Effects of promoter deletions on GadX and GadW regulation of gadA. Cells were grown to exponential phase in LB medium buffered to pH 8 with 100 mM MOPS or to pH 5.5 with 100 mM MES and were examined for β-galactosidase activity (Miller units). (A) gadA-lacZ fusions; (B) gadA-lacZ fusions; and (C) gadA-lacZ fusions. The length of the gadA promoter region (in nucleotides) is given along top of panels. Wild type (WT), EF833, EF932, and EF931; ΔX, EF839, EF949, and EF948; ΔXW, EF933, EF935, and EF934; and ΔW, EF921, EF923, and EF922.

FIG. 7.

Western blot analysis of crp and rpoS effects on GAD, RpoS, and GadX protein levels. Cells were grown in LB medium with MES, pH 5.5, or LB medium with MOPS, pH 8, to log phase (A to C) or to stationary phase (D). Strains used and relevant genotypes are indicated in the figure.

FIG. 8.

Low-pH and growth phase induction of glutamate decarboxylase and RpoS in rich media. EK227 was grown to different optical densities in LB media buffered to pH 5.5 or 8. The inset illustrates the growth under both conditions measured as OD₆₀₀. Extracts were probed by Western blot analysis as described in the Fig. 2 legend. (A) Detection of RpoS; (B) detection of glutamate decarboxylase (GAD).

FIG. 9.

Effects of H-NS on gadA and gadBC expression.

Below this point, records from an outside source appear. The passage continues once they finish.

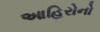
આહિરોનો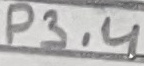
Text: P3.4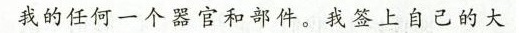
我的任何一个器官和部件。我答上自己的大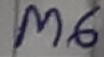
Text: M6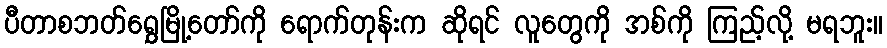
ပီတာစဘတ်ရွှေမြို့တော်ကို ရောက်တုန်းက ဆိုရင် လူတွေကို အစ်ကို ကြည့်လို့ မရဘူး။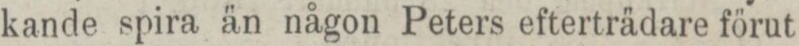
kande spira än någon Peters efterträdare förut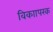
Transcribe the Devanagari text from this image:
विकाापरक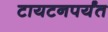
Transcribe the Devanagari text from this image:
टायटनपर्यंत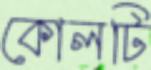
কোলটি
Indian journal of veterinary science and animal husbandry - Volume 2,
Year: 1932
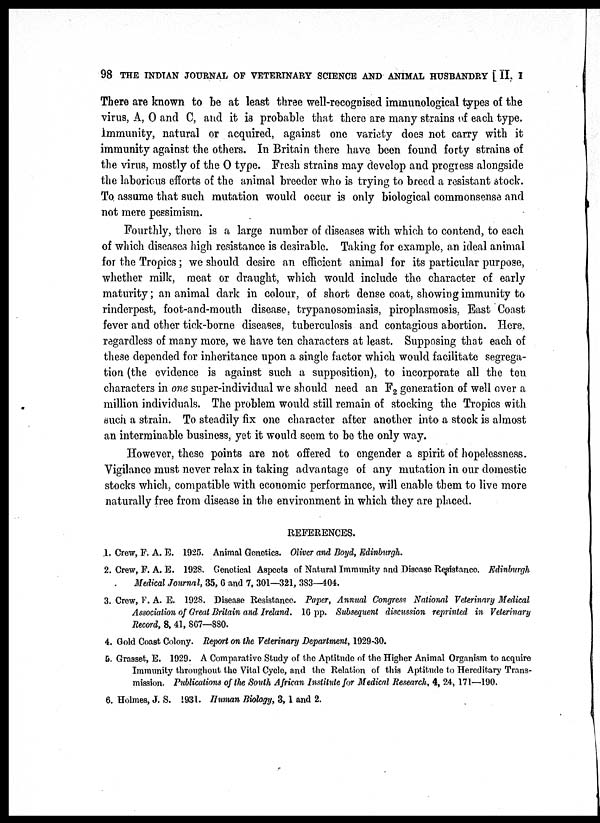
98 THE INDIAN JOURNAL OF VETERINARY SCIENCE AND ANIMAL HUSBANDRY [ II, I
There are known to be at least three well-recognised immunological types of the
virus, A, O and C, and it is probable that there are many strains of each type.
Immunity, natural or acquired, against one variety does not carry with it
immunity against the others. In Britain there have been found forty strains of
the virus, mostly of the O type. Fresh strains may develop and progress alongside
the laborious efforts of the animal breeder who is trying to breed a resistant stock.
To assume that such mutation would occur is only biological commonsense and
not mere pessimism.
Fourthly, there is a large number of diseases with which to contend, to each
of which diseases high resistance is desirable. Taking for example, an ideal animal
for the Tropics; we should desire an efficient animal for its particular purpose,
whether milk, meat or draught, which would include the character of early
maturity; an animal dark in colour, of short dense coat, showing immunity to
rinderpest, foot-and-mouth disease, trypanosomiasis, piroplasmosis, East Coast
fever and other tick-borne diseases, tuberculosis and contagious abortion. Here,
regardless of many more, we have ten characters at least. Supposing that each of
these depended for inheritance upon a single factor which would facilitate segrega-
tion (the evidence is against such a supposition), to incorporate all the ten
characters in one super-individual we should need an F 2 generation of well over a
million individuals. The problem would still remain of stocking the Tropics with
such a strain. To steadily fix one character after another into a stock is almost
an interminable business, yet it would seem to be the only way.
However, these points are not offered to engender a spirit of hopelessness.
Vigilance must never relax in taking advantage of any mutation in our domestic
stocks which, compatible with economic performance, will enable them to live more
naturally free from disease in the environment in which they are placed.
REFERENCES.
1. Crew, F. A. E. 1925. Animal Genetics. Oliver and Boyd, Edinburgh.
2. Crew, F. A. E. 1928. Genetical Aspects of Natural Immunity and Disease Resistance Edinburgh
Medical Journal, 35, 6 and 7, 301—321, 383—404.
3. Crew, F. A. E. 1928. Disease Resistance. Paper, Annual Congress National Veterinary Medical
Association of Great Britain and Ireland. 16 pp. Subsequent discussion reprinted in Veterinary
Record, 8, 41, 867—880.
4. Gold Coast Colony. Report on the Veterinary Department, 1929-30.
5. Grasset, E. 1929. A Comparative Study of the Aptitude of the Higher Animal Organism to acquire
Immunity throughout the Vital Cycle, and the Relation of this Aptitude to Hereditary Trans-
mission. Publications of the South African Institute for Medical Research, 4, 24, 171—190.
6. Holmes, J. S. 1931. Human Biology, 3,1 and 2.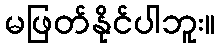
မဖြတ်နိုင်ပါဘူး။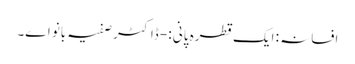
افسانہ : ایک قطرہ پانی :- ڈاکٹر صفیہ بانو اے۔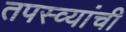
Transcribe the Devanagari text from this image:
तपस्व्यांची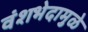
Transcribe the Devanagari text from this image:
वंशभेदामुळे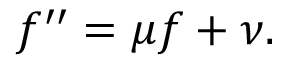
f ^ { \prime \prime } = \mu f + \nu .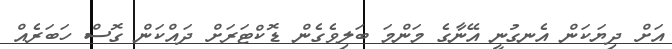
އަށް ދިޔަކަން އެނގުނީ އޭނާގެ މަންމަ ބަލިވެގެން ޑޮކްޓަރަށް ދައްކަން ގޮސް ހަބަރެއް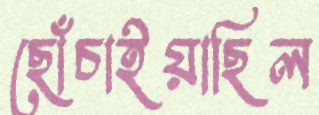
ছোঁচাইয়াছিল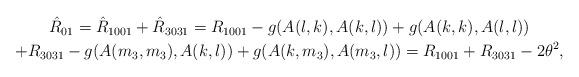
LaTeX: \begin{align*}\begin{gathered}\hat{R}_{01}=\hat{R}_{1001}+\hat{R}_{3031}=R_{1001}-g(A(l,k),A(k,l))+g(A(k,k),A(l,l))\\+R_{3031}-g(A(m_3,m_3),A(k,l))+g(A(k,m_3),A(m_3,l))={R}_{1001}+{R}_{3031}-2\theta^2,\end{gathered}\end{align*}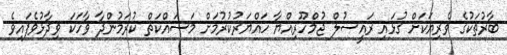
ބާރުތަކުގެ ވެރިޔަކަށް ގުޅައި ރައީސުލް ޖުމްހޫރިއްޔާ ހައްޔަރުކުރުމަށް މަސައްކަތް ކުރަމުންދާ ވާހަކަ ވިދާޅުވެފައިވެ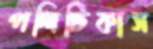
পলিটিকাস

Cells were grown in complex, buffered LB media to exponential phase. Western blot analysis using anti-GadA and -B antibody was performed as described in the Fig. 2 legend. For panel A, all cells were gadA and gadBC⁺ gadX⁺ gadW⁺. For panel B, all cells lacked GadX, GadW, and CRP (hns⁺, lanes 1 and 3, EF865; hns mutant, lanes 2 and 4, EF929).

FIG. 10.

Model of the GadX and -W and CRP-RpoS control circuit. GadX activates expression from PgadA, while GadW inhibits expression (in the presence of GadX) from PgadA and PgadX. Transcription of the activator gene gadX is largely dependent on the RpoS sigma factor, tying expression of the system to various stress conditions that increase RpoS levels. Expression is also influenced by growth on carbohydrates through CRP, which dampens expression of RpoS, an effect more evident in LB-grown cells, where cAMP levels are high, than in cells grown on glucose, where cAMP levels are low. H-NS is also reported to inhibit gadX expression but appears capable of inhibiting gadA and gadBC expression independently of gadX control.